------ SUPPLIED RECORDS
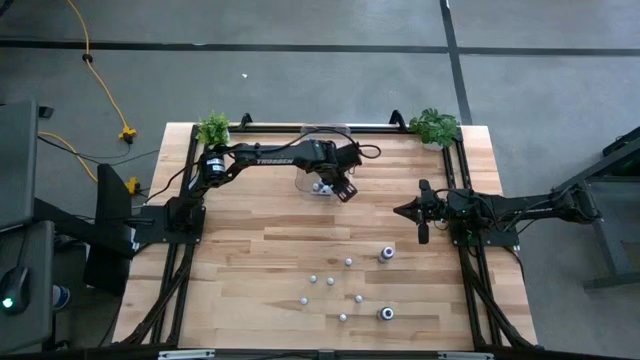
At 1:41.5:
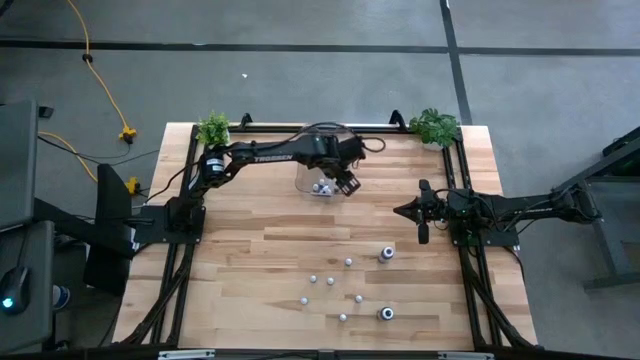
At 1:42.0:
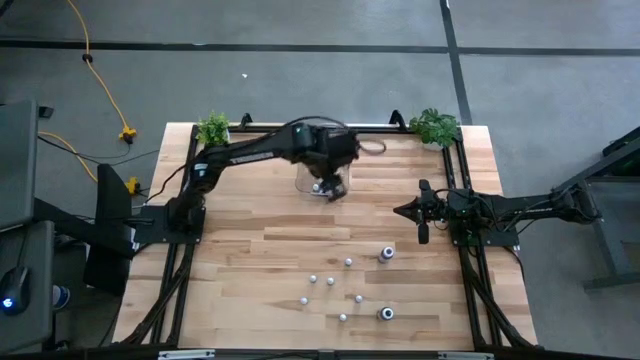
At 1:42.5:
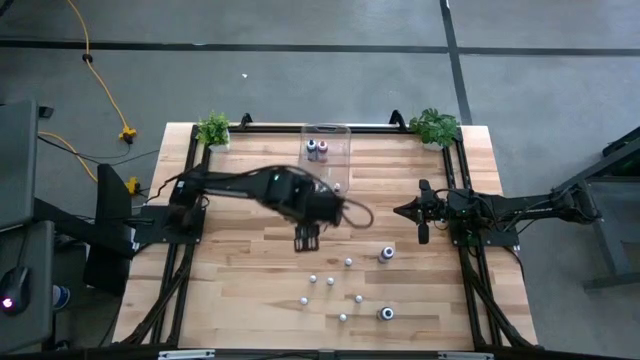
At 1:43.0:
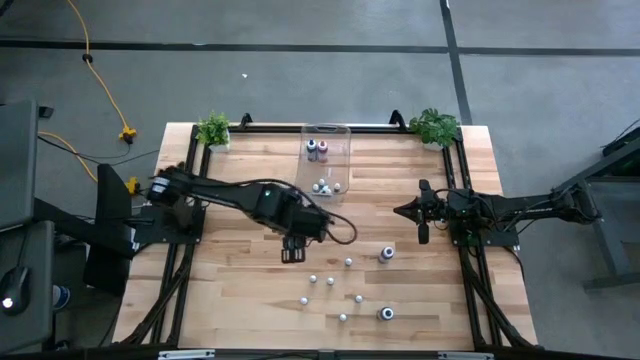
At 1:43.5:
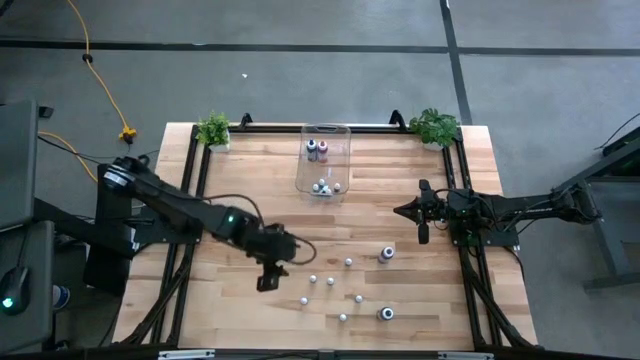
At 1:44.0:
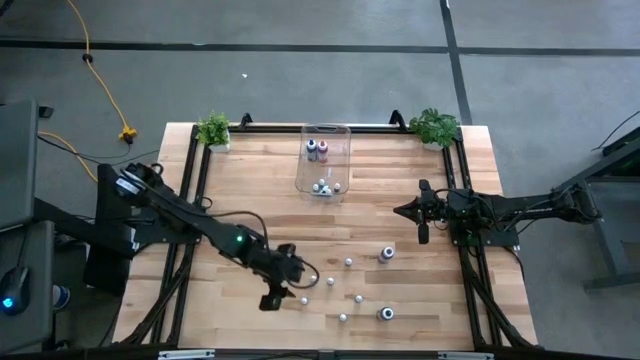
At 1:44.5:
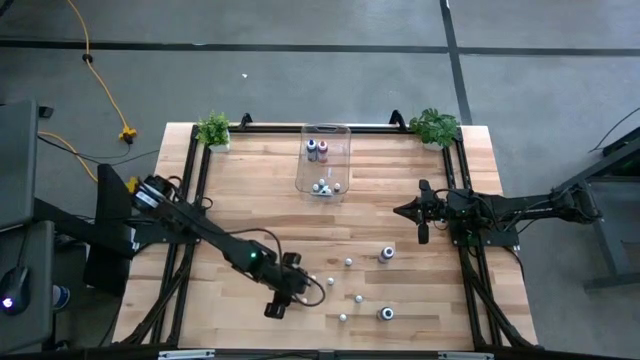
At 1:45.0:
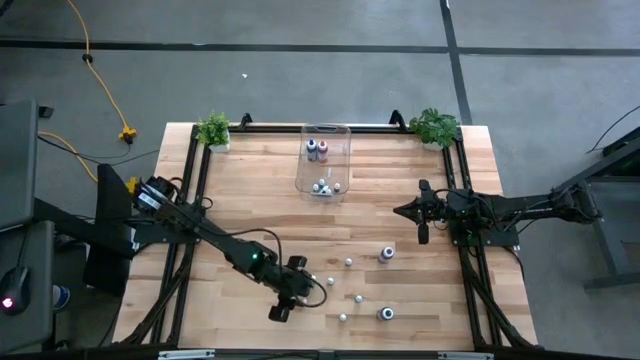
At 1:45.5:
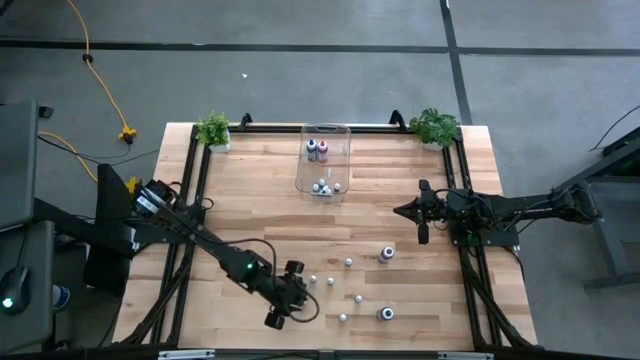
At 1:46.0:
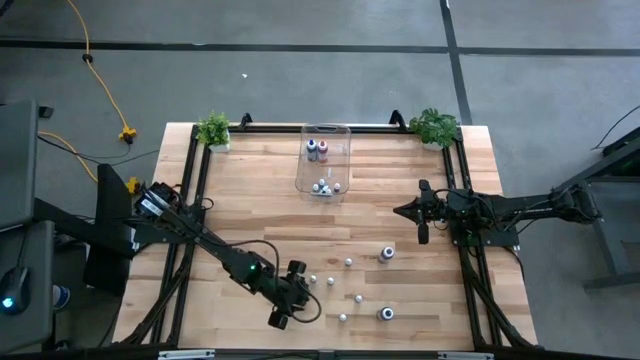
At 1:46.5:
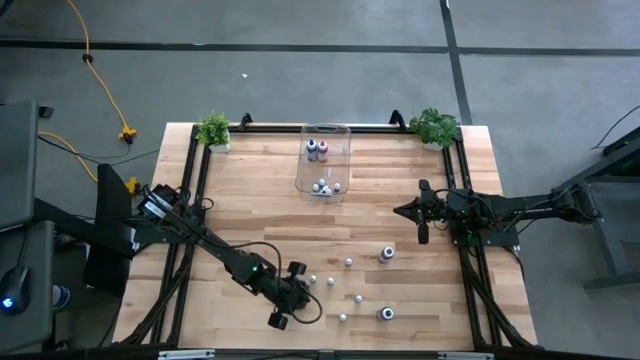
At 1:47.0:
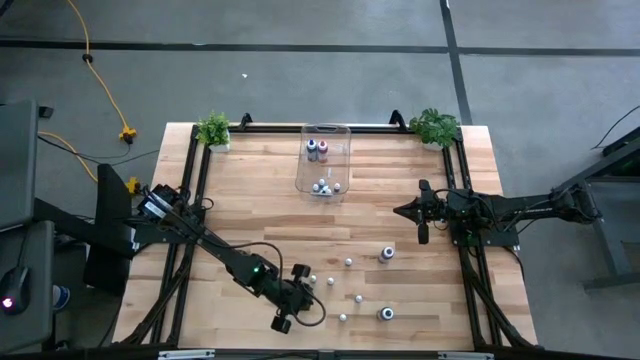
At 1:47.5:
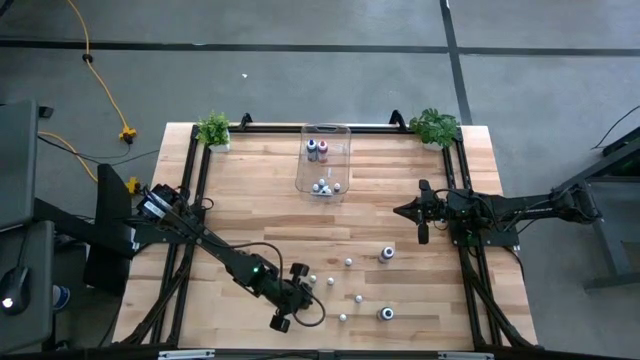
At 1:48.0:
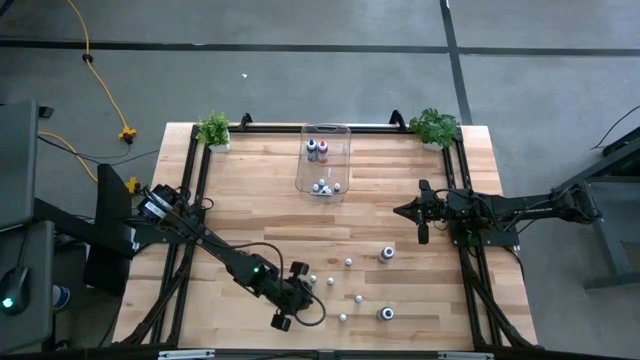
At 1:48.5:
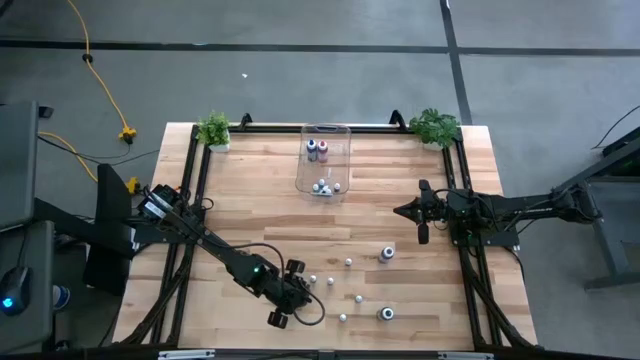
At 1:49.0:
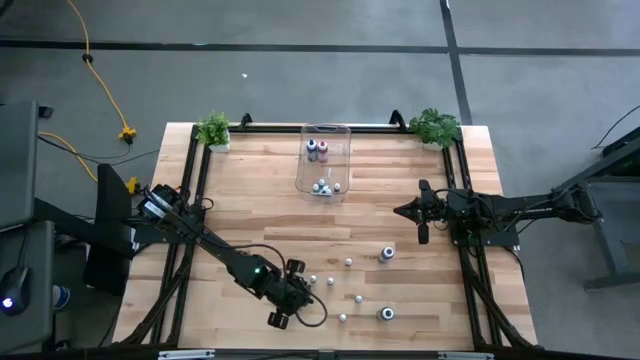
------------
### EXERCISE INSTRUCTIONS
Word for word, reproduce all of the entries above and omit the pictures.

### ANSWER TO THE EXERCISE
At 1:41.5:
At 1:42.0:
At 1:42.5:
At 1:43.0:
At 1:43.5:
At 1:44.0:
At 1:44.5:
At 1:45.0:
At 1:45.5:
At 1:46.0:
At 1:46.5:
At 1:47.0:
At 1:47.5:
At 1:48.0:
At 1:48.5:
At 1:49.0:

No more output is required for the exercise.